Excerpts from a dataset
*-*-*

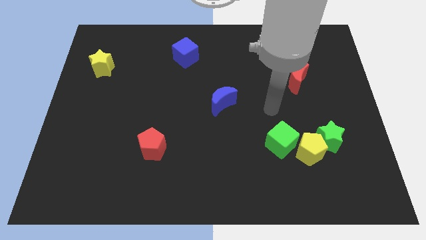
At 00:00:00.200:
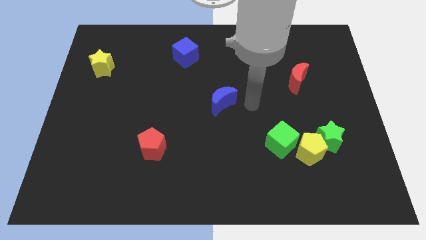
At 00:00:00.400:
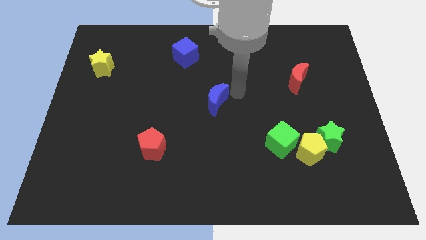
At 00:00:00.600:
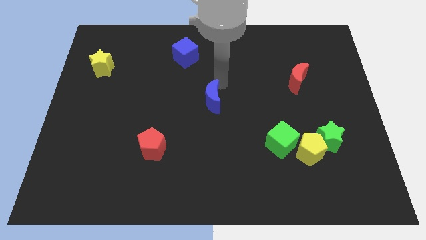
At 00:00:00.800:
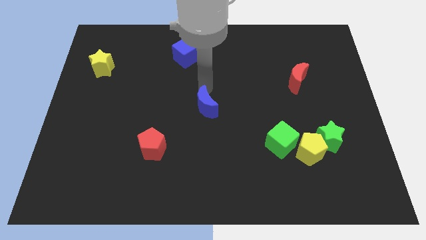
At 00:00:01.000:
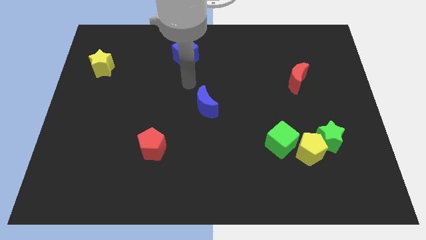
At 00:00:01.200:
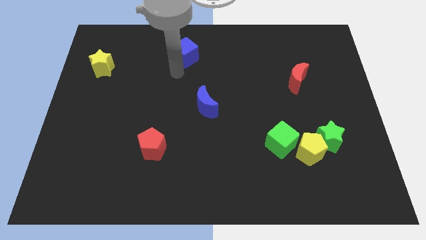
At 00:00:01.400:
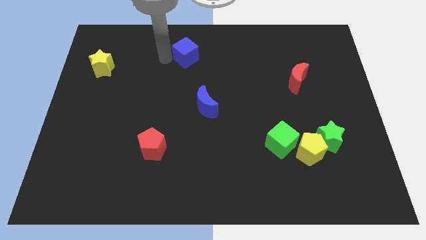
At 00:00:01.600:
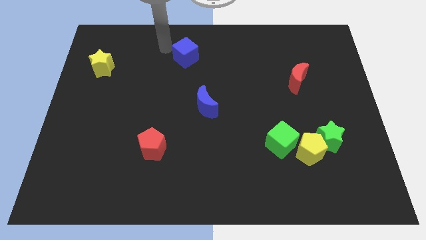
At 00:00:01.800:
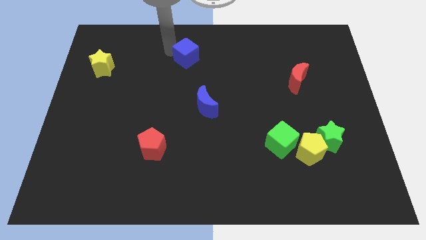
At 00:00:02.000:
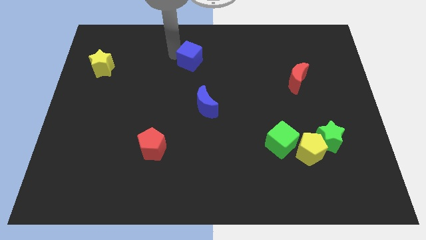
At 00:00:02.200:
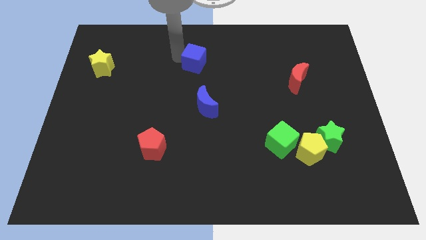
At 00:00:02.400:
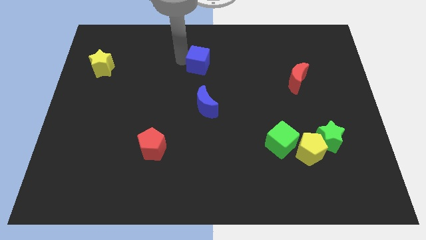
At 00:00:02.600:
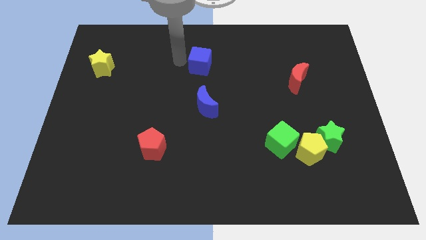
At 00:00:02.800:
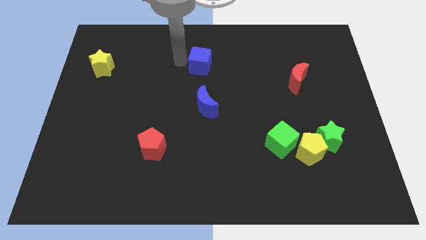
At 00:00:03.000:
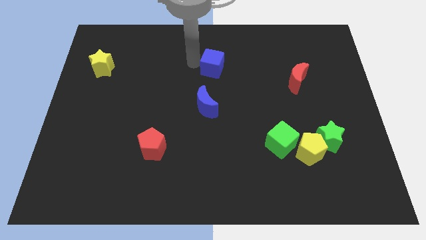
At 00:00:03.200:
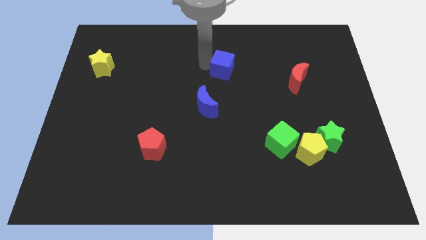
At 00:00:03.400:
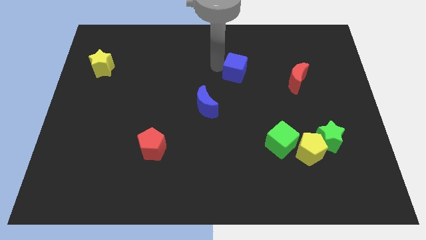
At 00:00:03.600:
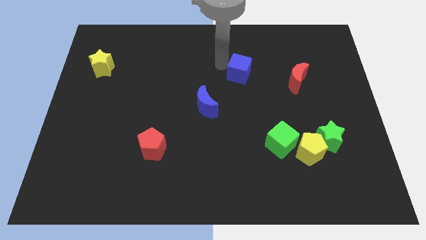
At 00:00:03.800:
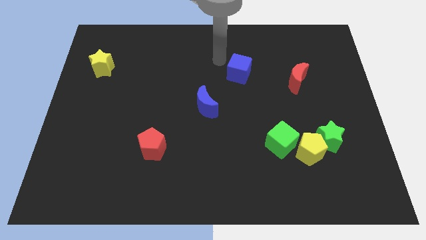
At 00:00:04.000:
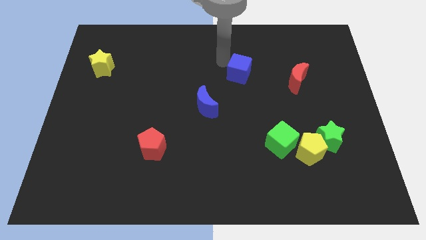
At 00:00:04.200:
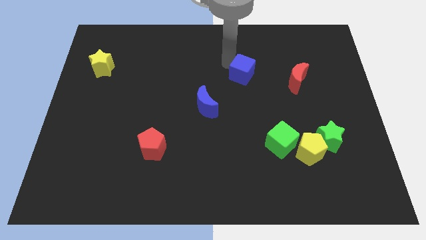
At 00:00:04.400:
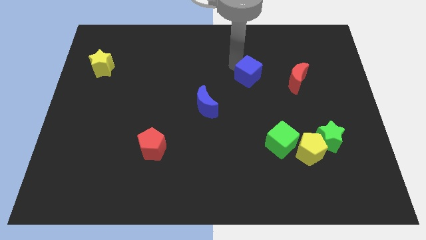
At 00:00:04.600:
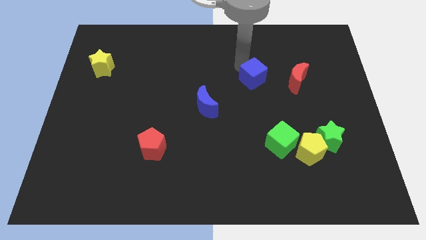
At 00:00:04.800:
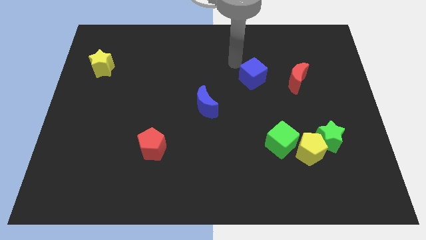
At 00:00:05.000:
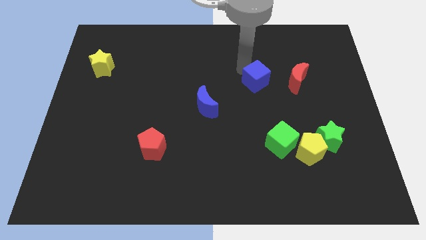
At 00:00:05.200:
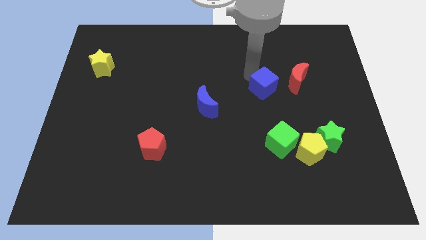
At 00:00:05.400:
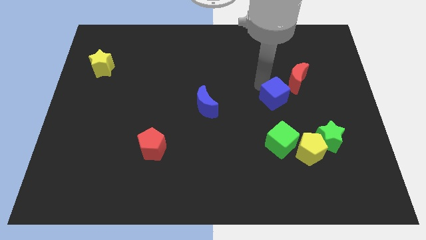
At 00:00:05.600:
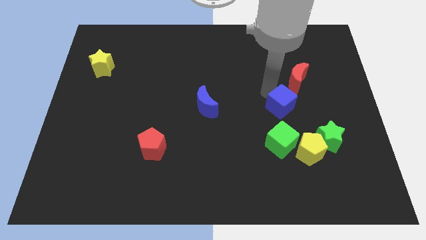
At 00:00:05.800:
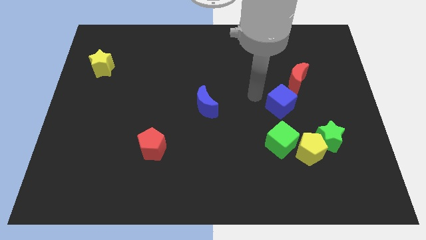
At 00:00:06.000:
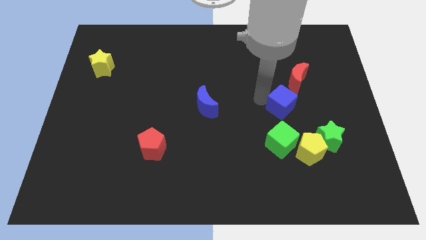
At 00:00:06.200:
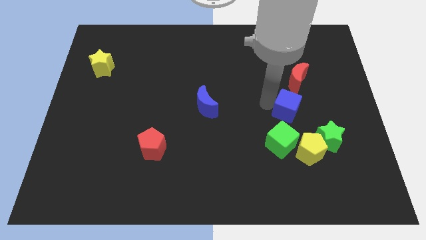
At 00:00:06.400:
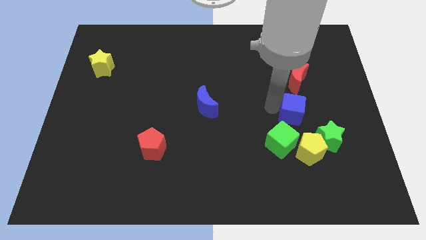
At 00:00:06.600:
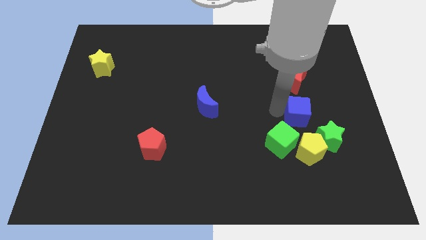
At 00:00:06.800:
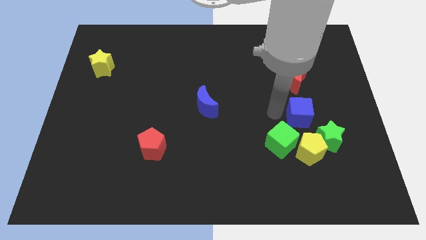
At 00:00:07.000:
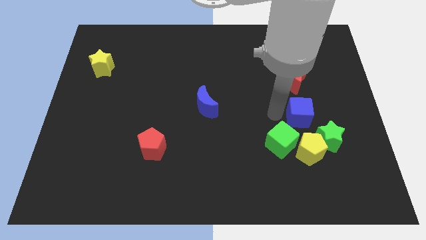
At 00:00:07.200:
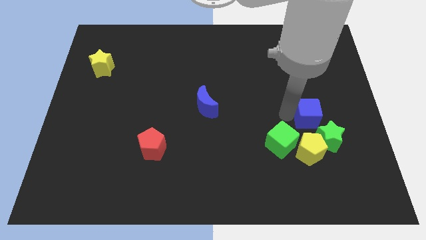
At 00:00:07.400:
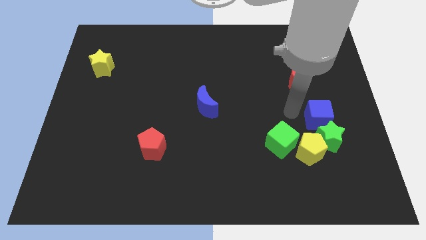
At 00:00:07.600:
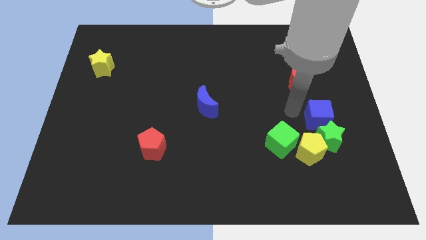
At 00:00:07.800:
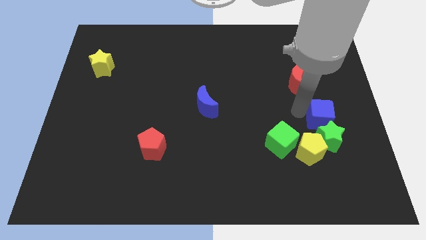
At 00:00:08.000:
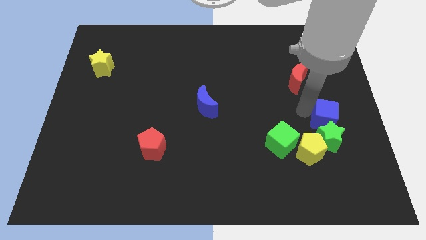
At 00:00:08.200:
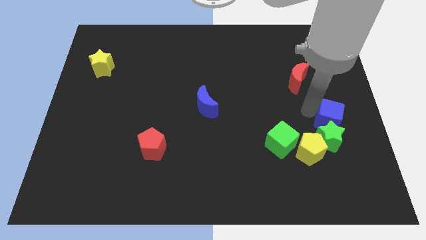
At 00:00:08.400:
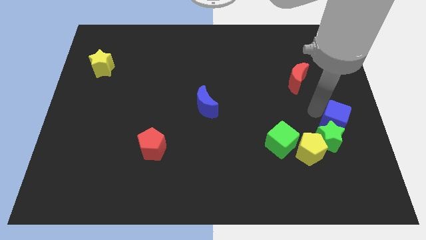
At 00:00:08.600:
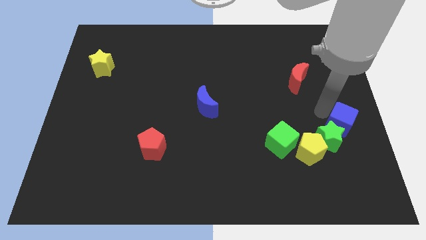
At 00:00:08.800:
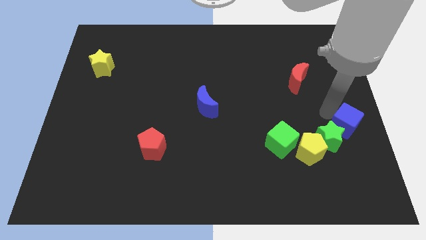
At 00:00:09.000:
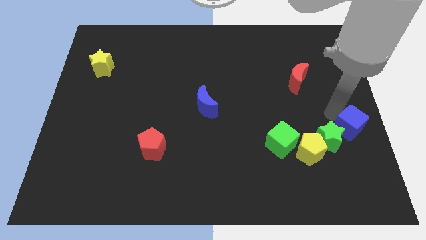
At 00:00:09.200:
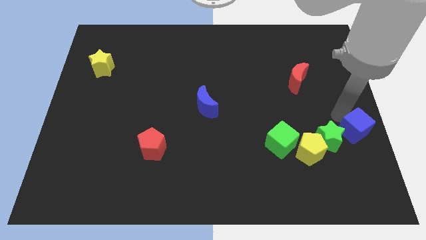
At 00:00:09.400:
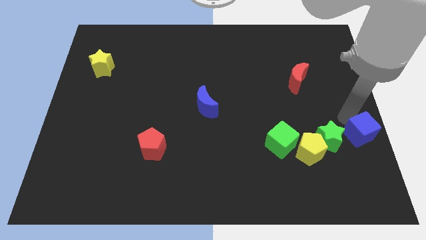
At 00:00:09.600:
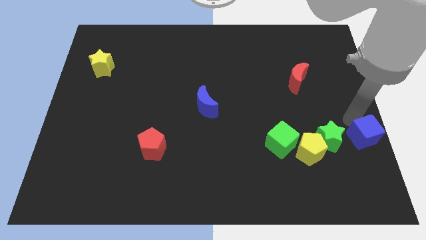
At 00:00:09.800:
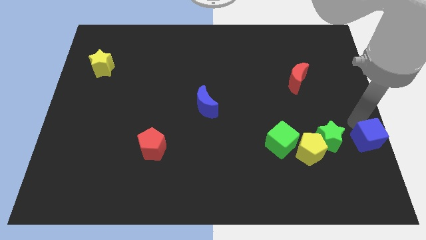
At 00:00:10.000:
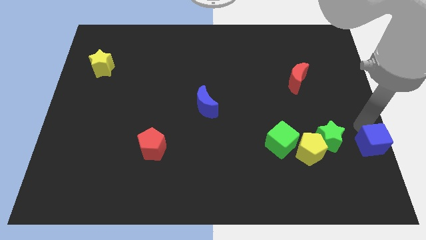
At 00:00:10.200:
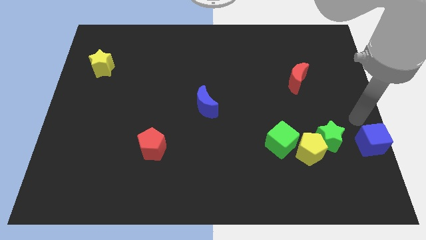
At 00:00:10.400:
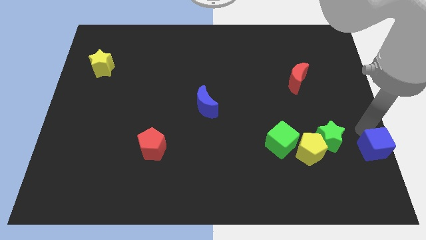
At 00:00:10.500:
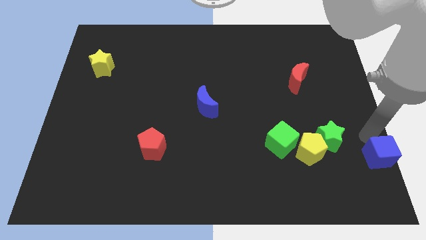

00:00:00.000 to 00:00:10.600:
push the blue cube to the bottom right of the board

*-*-*

▸ **EXERCISE PROMPT**
With the pictures omitted, the records above are to be repeated exactly.

▸ **RESULT OF THIS TASK**
At 00:00:00.200:
At 00:00:00.400:
At 00:00:00.600:
At 00:00:00.800:
At 00:00:01.000:
At 00:00:01.200:
At 00:00:01.400:
At 00:00:01.600:
At 00:00:01.800:
At 00:00:02.000:
At 00:00:02.200:
At 00:00:02.400:
At 00:00:02.600:
At 00:00:02.800:
At 00:00:03.000:
At 00:00:03.200:
At 00:00:03.400:
At 00:00:03.600:
At 00:00:03.800:
At 00:00:04.000:
At 00:00:04.200:
At 00:00:04.400:
At 00:00:04.600:
At 00:00:04.800:
At 00:00:05.000:
At 00:00:05.200:
At 00:00:05.400:
At 00:00:05.600:
At 00:00:05.800:
At 00:00:06.000:
At 00:00:06.200:
At 00:00:06.400:
At 00:00:06.600:
At 00:00:06.800:
At 00:00:07.000:
At 00:00:07.200:
At 00:00:07.400:
At 00:00:07.600:
At 00:00:07.800:
At 00:00:08.000:
At 00:00:08.200:
At 00:00:08.400:
At 00:00:08.600:
At 00:00:08.800:
At 00:00:09.000:
At 00:00:09.200:
At 00:00:09.400:
At 00:00:09.600:
At 00:00:09.800:
At 00:00:10.000:
At 00:00:10.200:
At 00:00:10.400:
At 00:00:10.500:

00:00:00.000 to 00:00:10.600:
push the blue cube to the bottom right of the board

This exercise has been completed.